Verbatim transcription with images omitted: return the entries below in full.
· · · ·
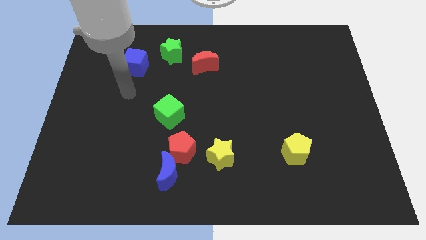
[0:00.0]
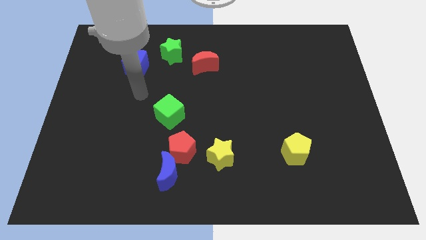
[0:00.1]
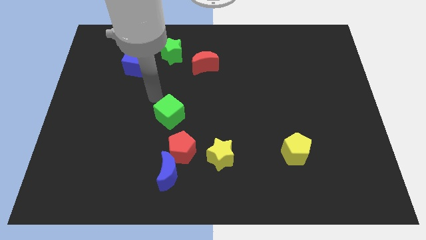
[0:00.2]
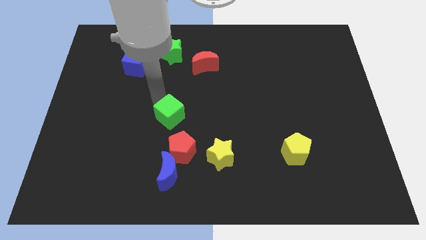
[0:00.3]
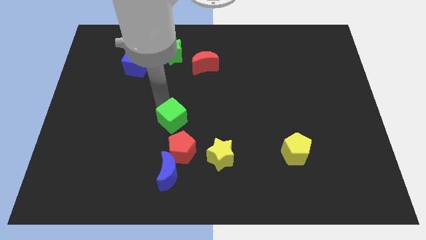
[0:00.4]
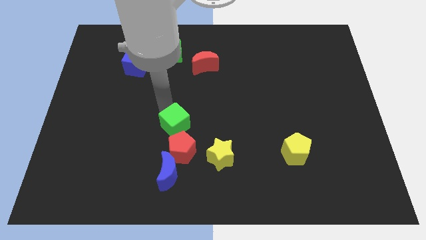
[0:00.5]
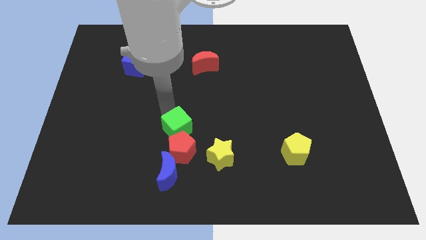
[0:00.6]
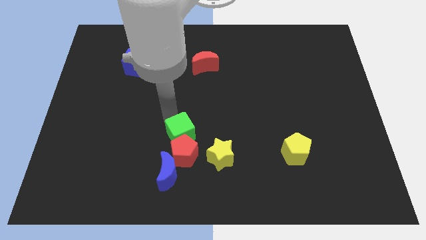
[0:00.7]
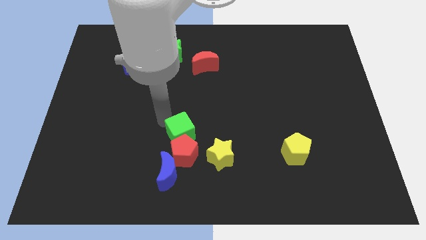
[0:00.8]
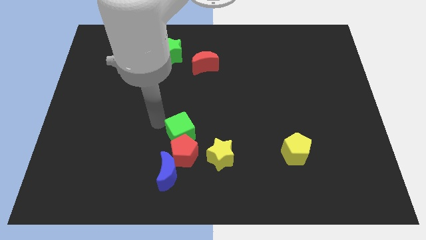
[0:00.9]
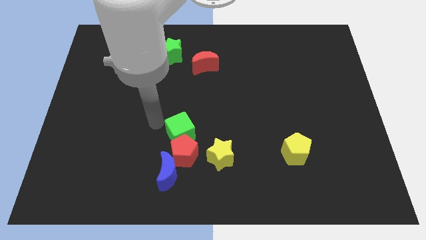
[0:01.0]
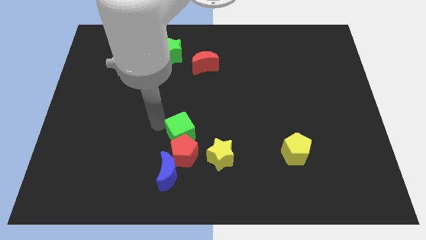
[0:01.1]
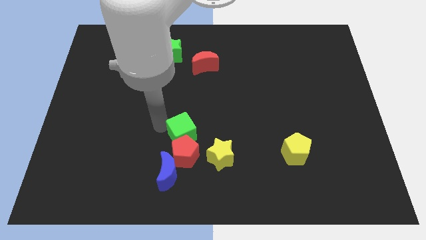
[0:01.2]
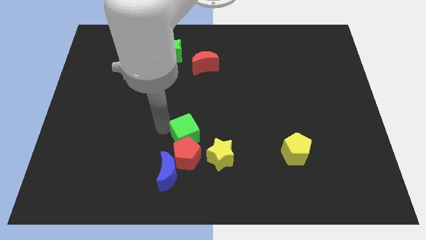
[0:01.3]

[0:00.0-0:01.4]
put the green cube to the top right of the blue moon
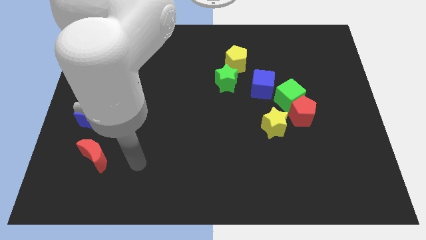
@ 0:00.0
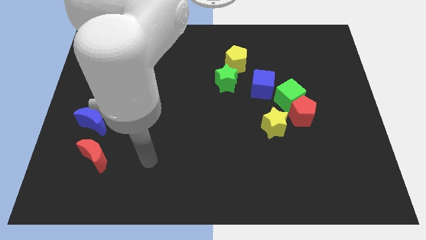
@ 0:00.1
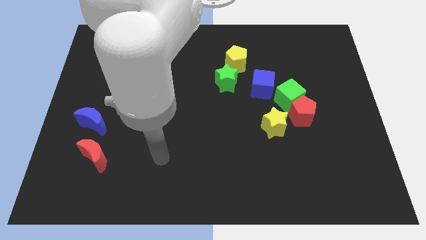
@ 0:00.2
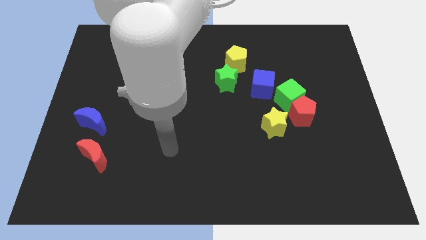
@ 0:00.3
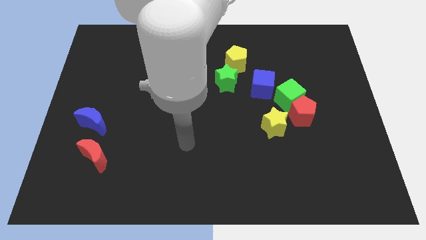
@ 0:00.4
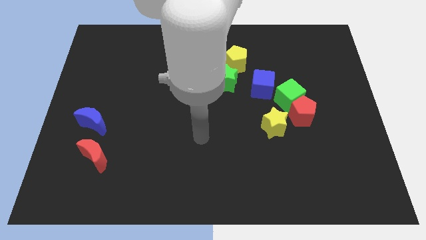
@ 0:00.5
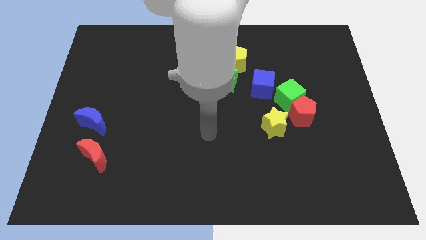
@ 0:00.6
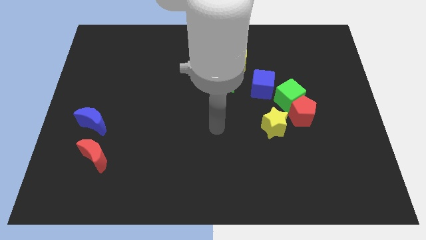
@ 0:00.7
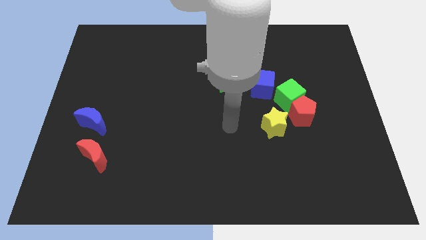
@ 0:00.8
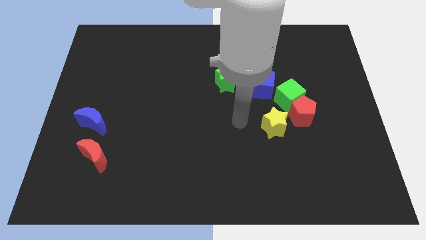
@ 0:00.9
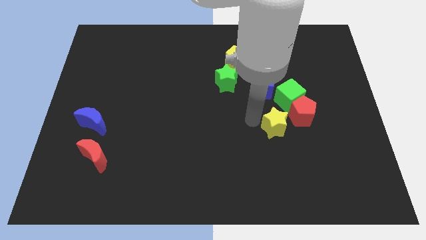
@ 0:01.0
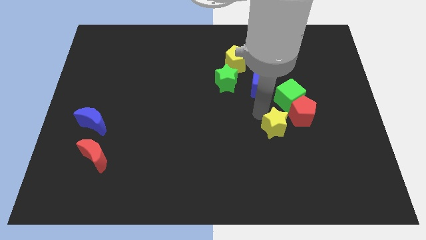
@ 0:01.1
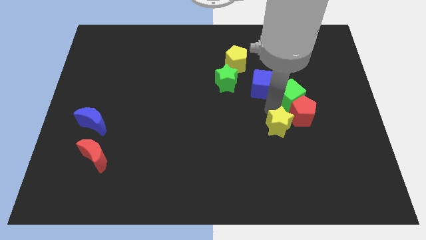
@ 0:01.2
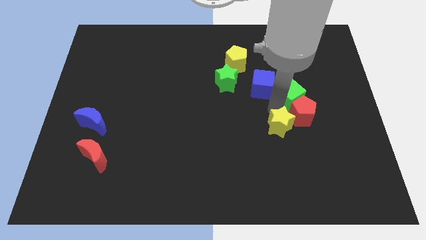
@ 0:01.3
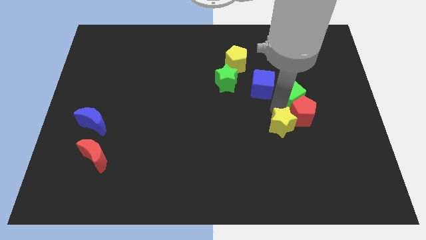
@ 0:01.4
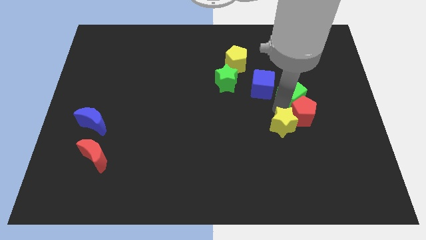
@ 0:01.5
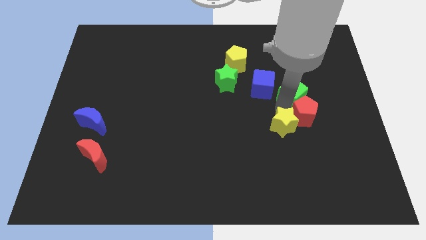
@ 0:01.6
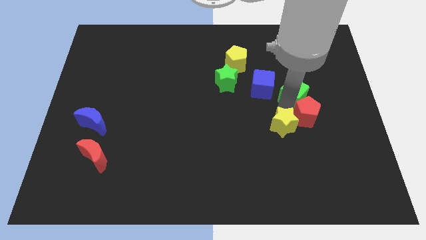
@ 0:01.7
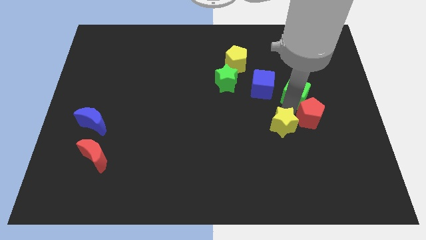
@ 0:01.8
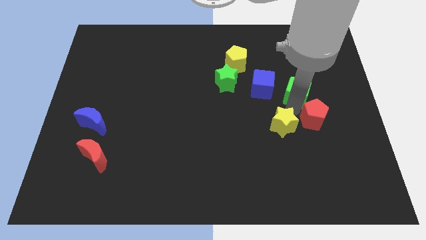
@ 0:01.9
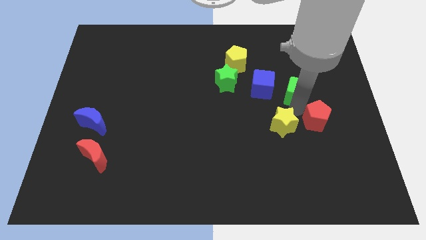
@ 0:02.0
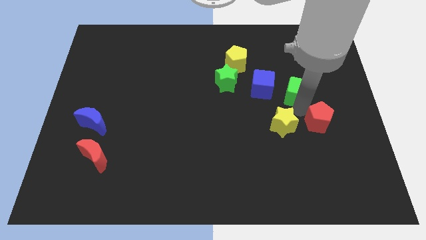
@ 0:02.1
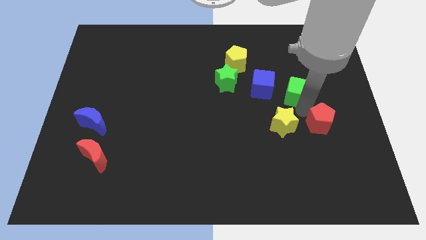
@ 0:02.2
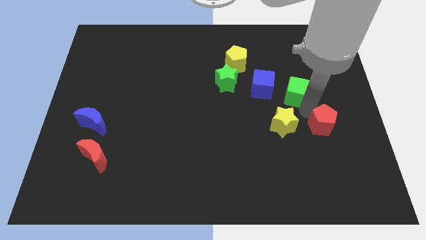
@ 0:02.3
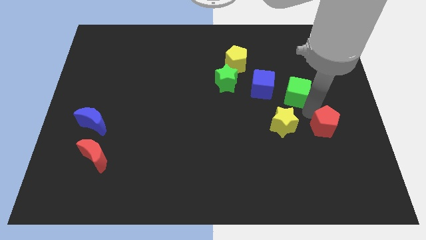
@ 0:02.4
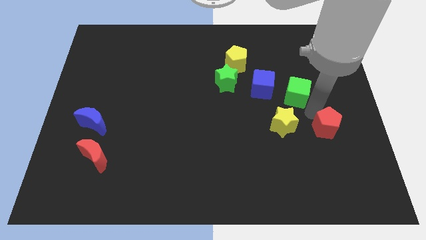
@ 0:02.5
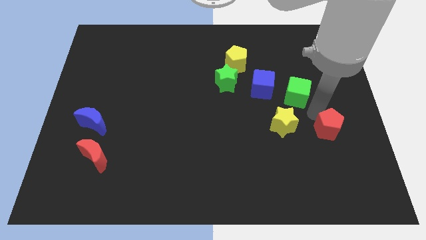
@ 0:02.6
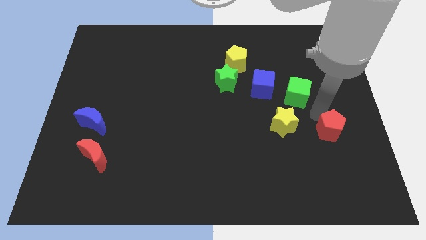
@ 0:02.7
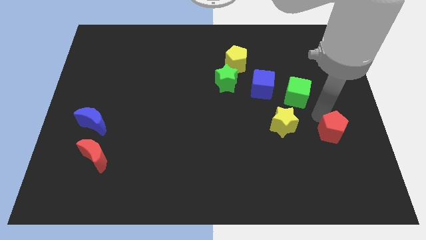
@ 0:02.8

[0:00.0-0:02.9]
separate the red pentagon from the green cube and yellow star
· · · ·
### Written reply:
[0:00.0]
[0:00.1]
[0:00.2]
[0:00.3]
[0:00.4]
[0:00.5]
[0:00.6]
[0:00.7]
[0:00.8]
[0:00.9]
[0:01.0]
[0:01.1]
[0:01.2]
[0:01.3]

[0:00.0-0:01.4]
put the green cube to the top right of the blue moon
@ 0:00.0
@ 0:00.1
@ 0:00.2
@ 0:00.3
@ 0:00.4
@ 0:00.5
@ 0:00.6
@ 0:00.7
@ 0:00.8
@ 0:00.9
@ 0:01.0
@ 0:01.1
@ 0:01.2
@ 0:01.3
@ 0:01.4
@ 0:01.5
@ 0:01.6
@ 0:01.7
@ 0:01.8
@ 0:01.9
@ 0:02.0
@ 0:02.1
@ 0:02.2
@ 0:02.3
@ 0:02.4
@ 0:02.5
@ 0:02.6
@ 0:02.7
@ 0:02.8

[0:00.0-0:02.9]
separate the red pentagon from the green cube and yellow star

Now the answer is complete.